Source records
◆ ◆ ◆
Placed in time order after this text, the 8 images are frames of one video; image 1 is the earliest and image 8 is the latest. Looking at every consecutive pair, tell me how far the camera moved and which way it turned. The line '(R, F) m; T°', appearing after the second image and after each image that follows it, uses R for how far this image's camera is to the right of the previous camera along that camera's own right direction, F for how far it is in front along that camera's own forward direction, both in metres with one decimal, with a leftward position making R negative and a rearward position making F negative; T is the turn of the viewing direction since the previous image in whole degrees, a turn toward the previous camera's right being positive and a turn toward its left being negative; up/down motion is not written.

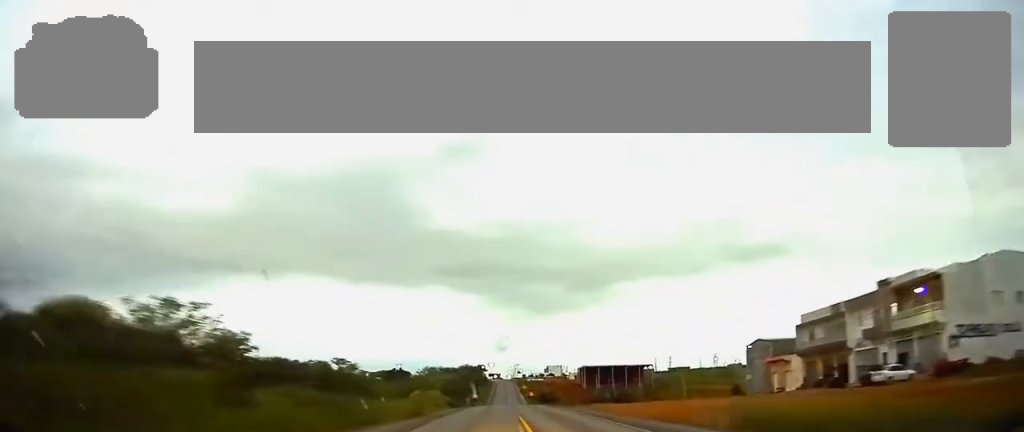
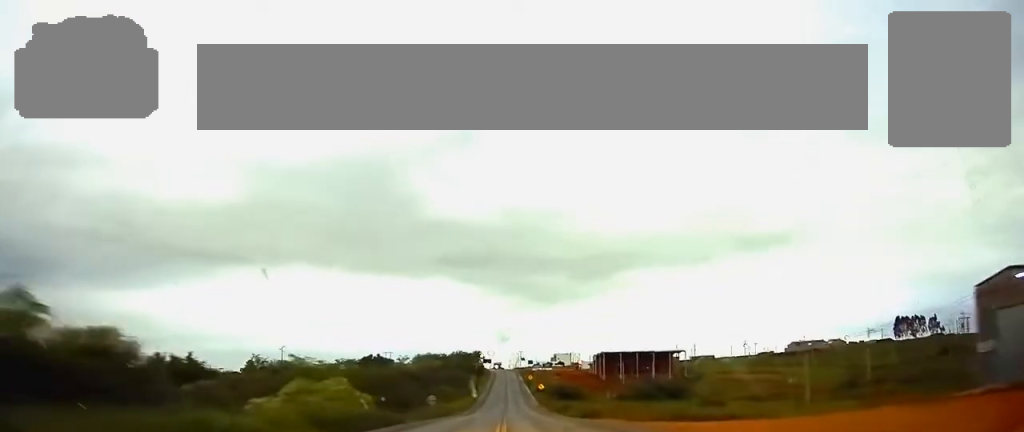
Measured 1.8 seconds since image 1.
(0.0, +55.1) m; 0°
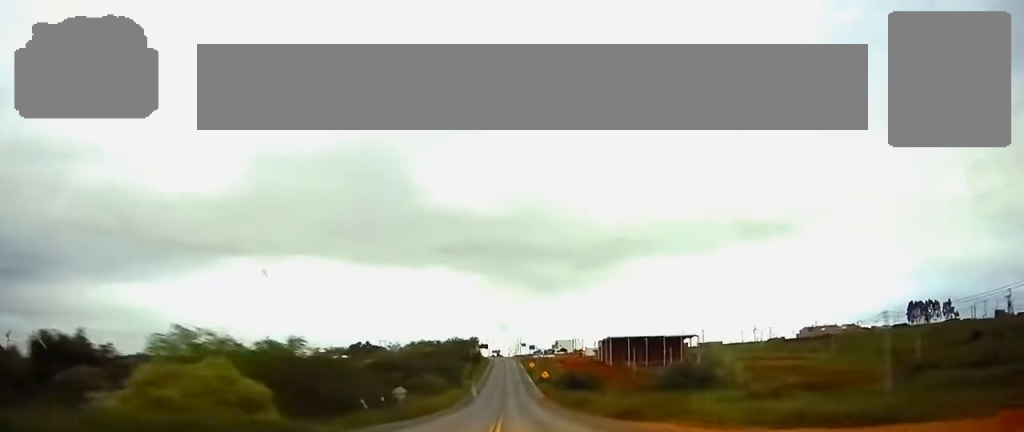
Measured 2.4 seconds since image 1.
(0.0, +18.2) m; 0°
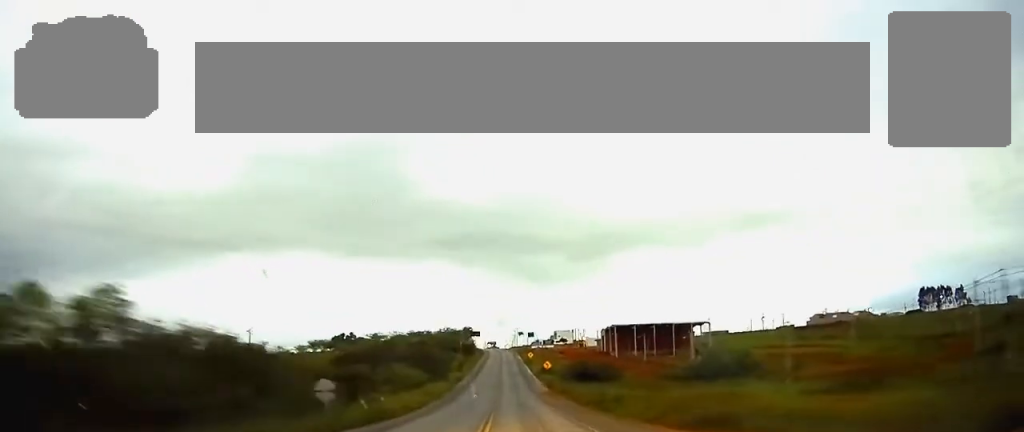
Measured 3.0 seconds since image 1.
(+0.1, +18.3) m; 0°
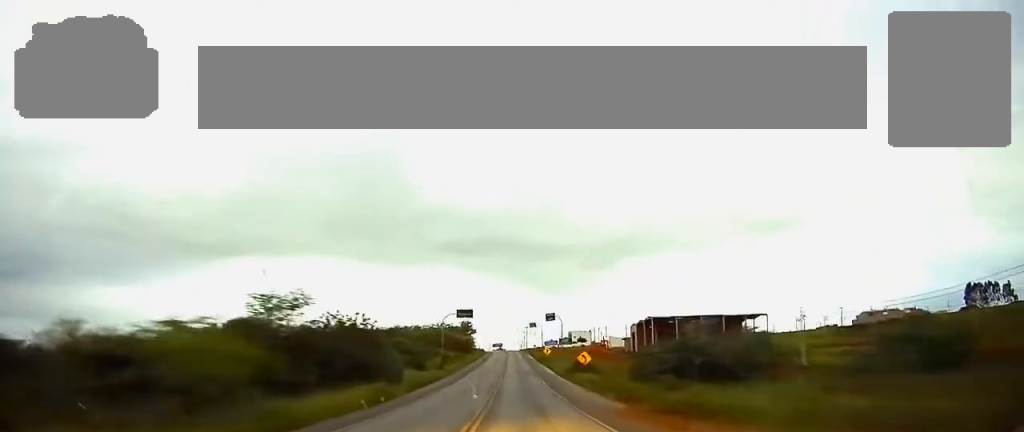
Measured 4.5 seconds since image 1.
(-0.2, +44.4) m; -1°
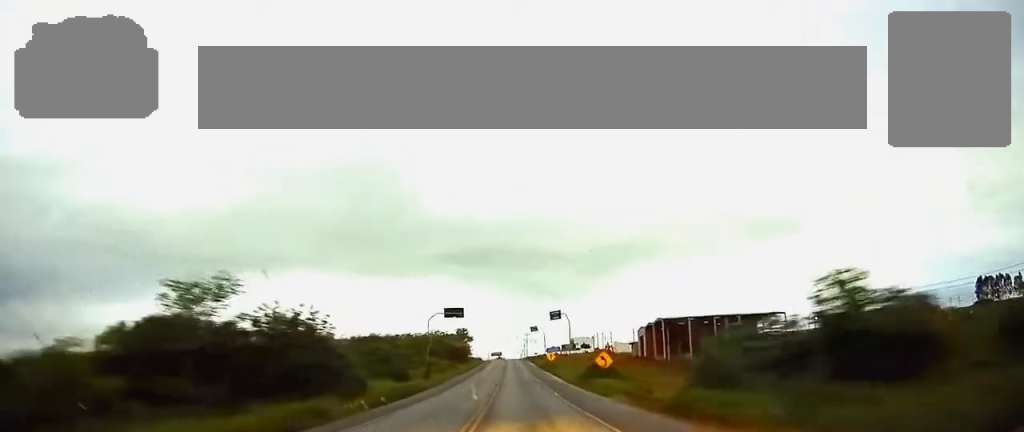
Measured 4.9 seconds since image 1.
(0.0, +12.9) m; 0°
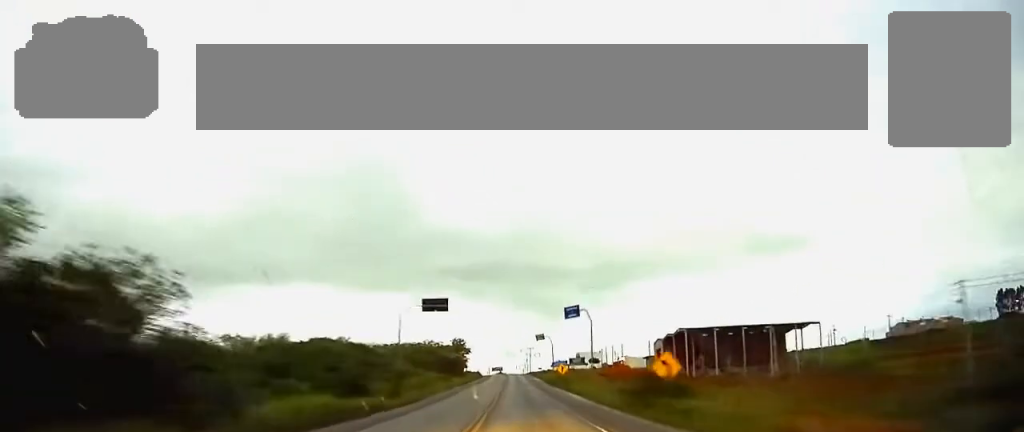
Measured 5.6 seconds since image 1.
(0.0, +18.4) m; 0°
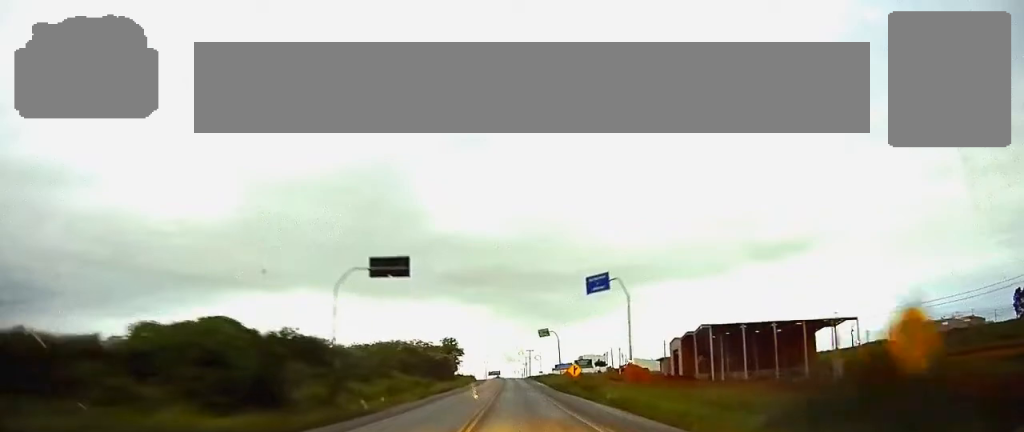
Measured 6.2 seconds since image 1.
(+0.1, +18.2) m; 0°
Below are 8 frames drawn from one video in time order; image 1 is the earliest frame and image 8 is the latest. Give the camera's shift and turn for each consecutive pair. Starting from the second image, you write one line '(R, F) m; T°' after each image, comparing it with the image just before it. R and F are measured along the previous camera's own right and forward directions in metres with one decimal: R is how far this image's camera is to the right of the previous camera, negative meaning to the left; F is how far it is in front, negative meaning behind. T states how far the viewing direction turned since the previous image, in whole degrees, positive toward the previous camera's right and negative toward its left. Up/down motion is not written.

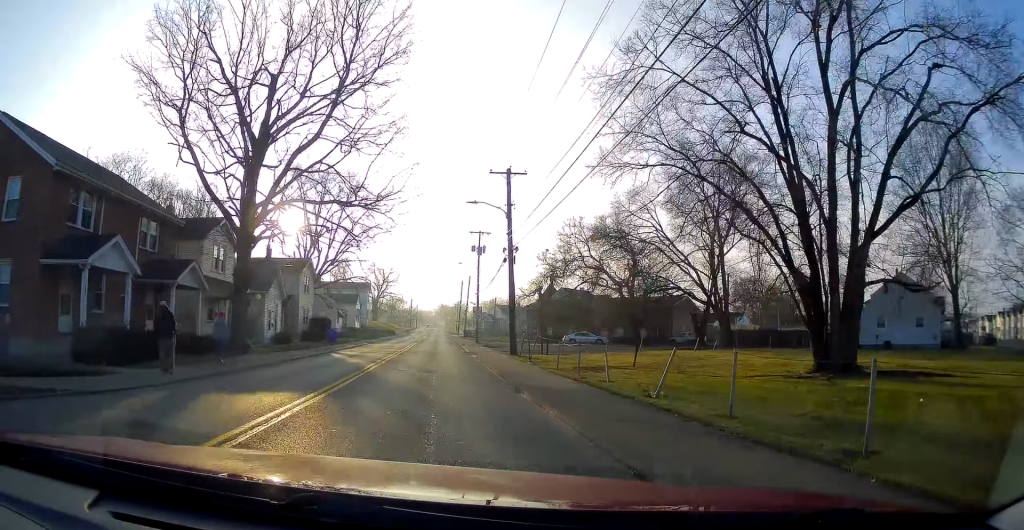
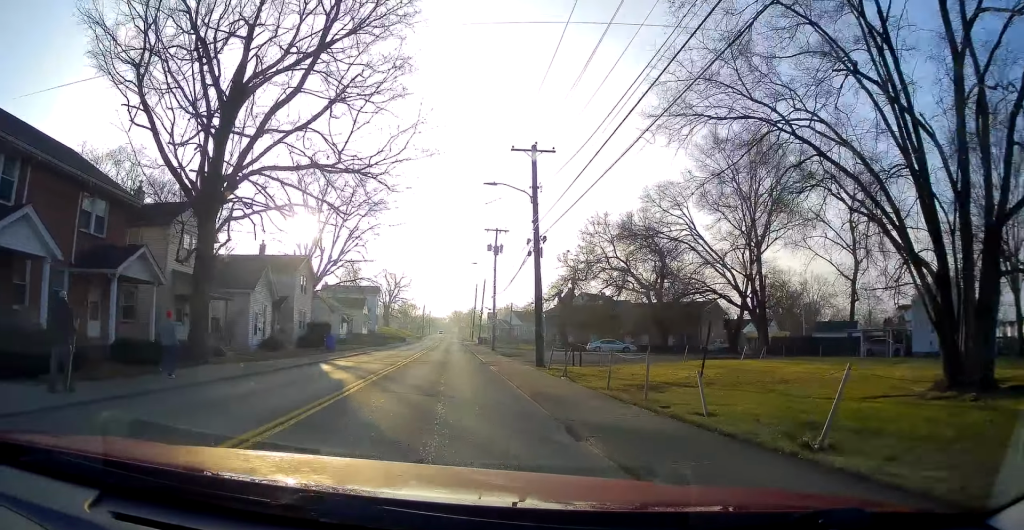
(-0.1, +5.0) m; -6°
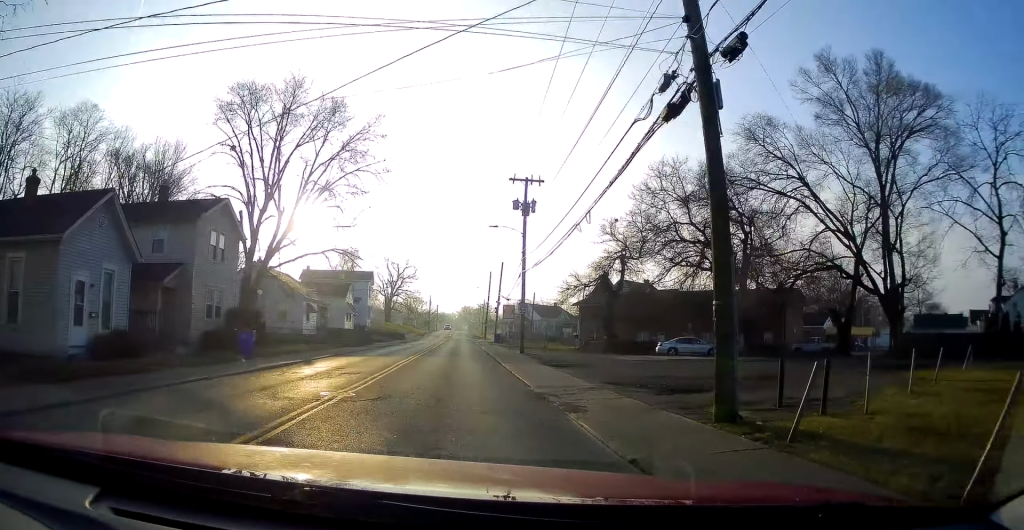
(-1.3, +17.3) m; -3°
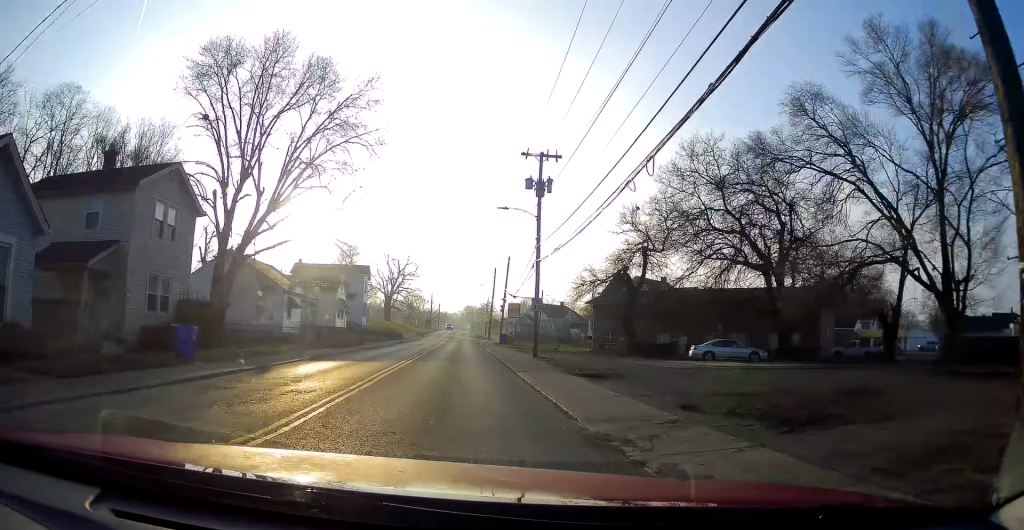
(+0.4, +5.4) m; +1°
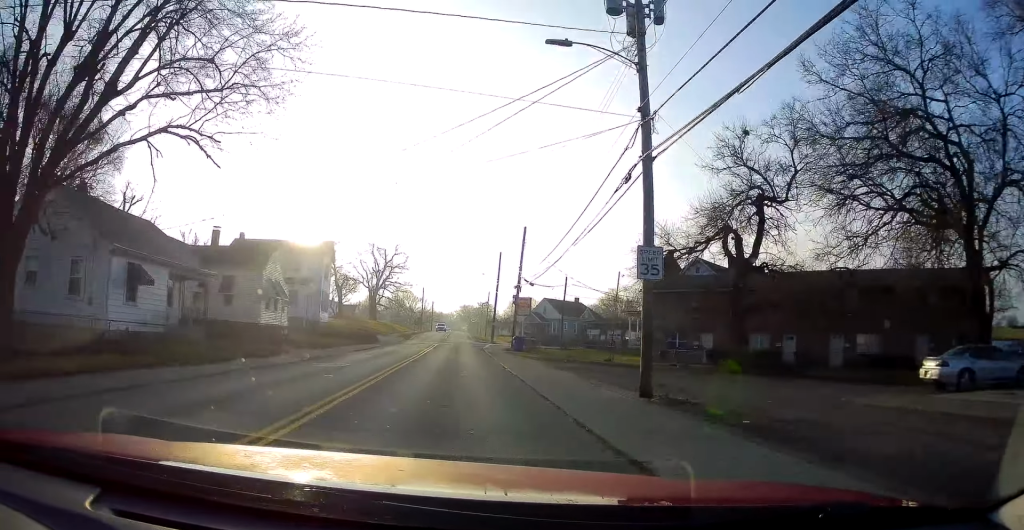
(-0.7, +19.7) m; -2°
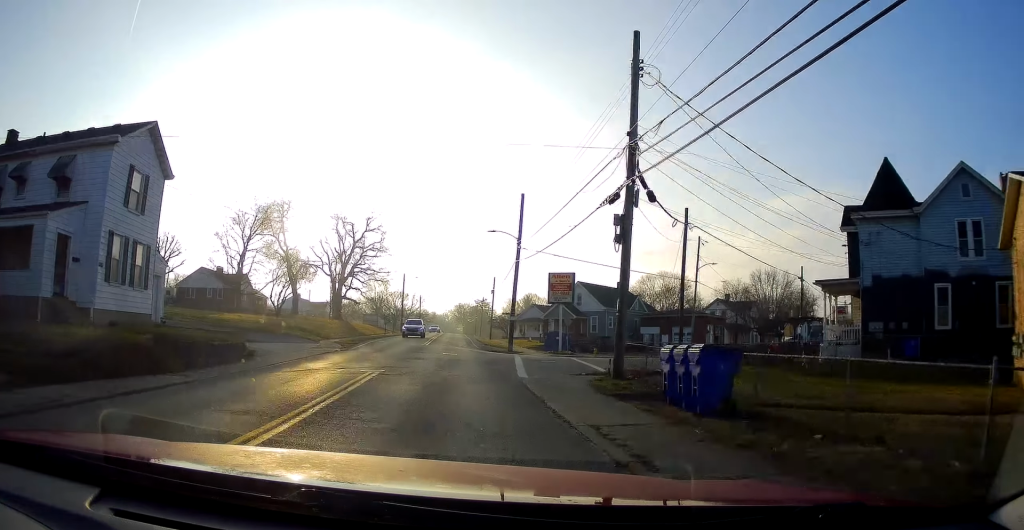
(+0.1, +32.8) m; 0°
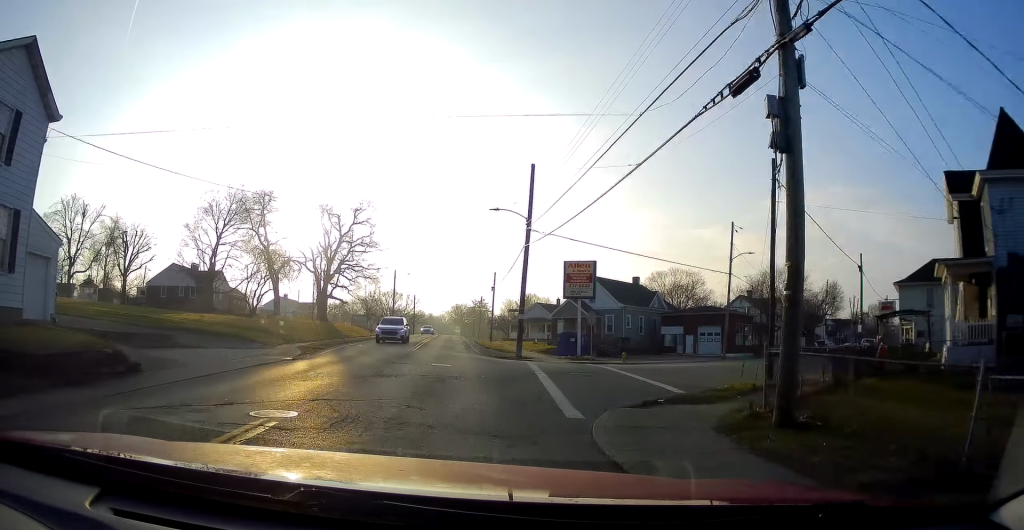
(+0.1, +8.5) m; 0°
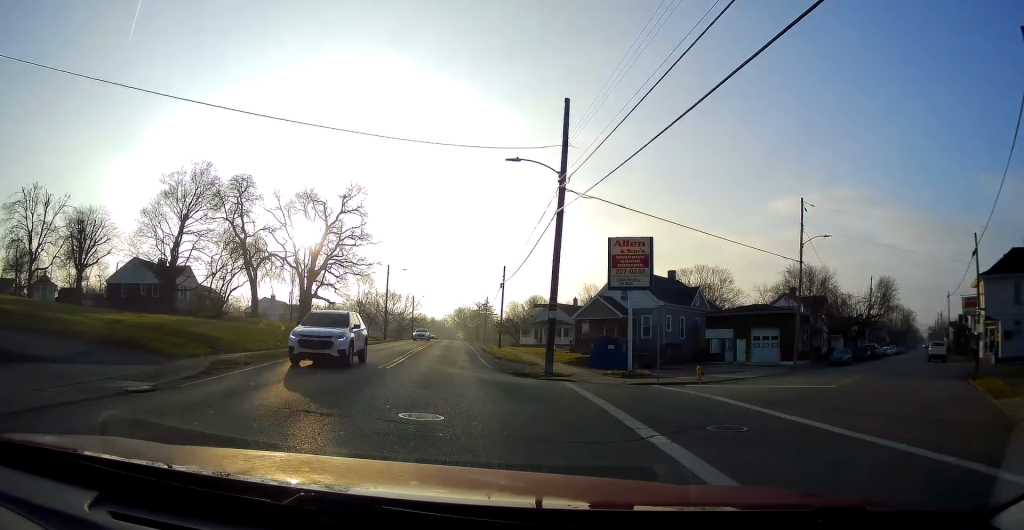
◆ ◆ ◆
# What you need to do
Please, leaving out all pictures, transcribe exactly the lines above from the one containing "Measured 4.5 seconds since image 1." through the final line, both included.

# Exercise solution
Measured 4.5 seconds since image 1.
(-0.2, +44.4) m; -1°
Measured 4.9 seconds since image 1.
(0.0, +12.9) m; 0°
Measured 5.6 seconds since image 1.
(0.0, +18.4) m; 0°
Measured 6.2 seconds since image 1.
(+0.1, +18.2) m; 0°
Below are 8 frames drawn from one video in time order; image 1 is the earliest frame and image 8 is the latest. Give the camera's shift and turn for each consecutive pair. Starting from the second image, you write one line '(R, F) m; T°' after each image, comparing it with the image just before it. R and F are measured along the previous camera's own right and forward directions in metres with one decimal: R is how far this image's camera is to the right of the previous camera, negative meaning to the left; F is how far it is in front, negative meaning behind. T states how far the viewing direction turned since the previous image, in whole degrees, positive toward the previous camera's right and negative toward its left. Up/down motion is not written.

(-0.1, +5.0) m; -6°
(-1.3, +17.3) m; -3°
(+0.4, +5.4) m; +1°
(-0.7, +19.7) m; -2°
(+0.1, +32.8) m; 0°
(+0.1, +8.5) m; 0°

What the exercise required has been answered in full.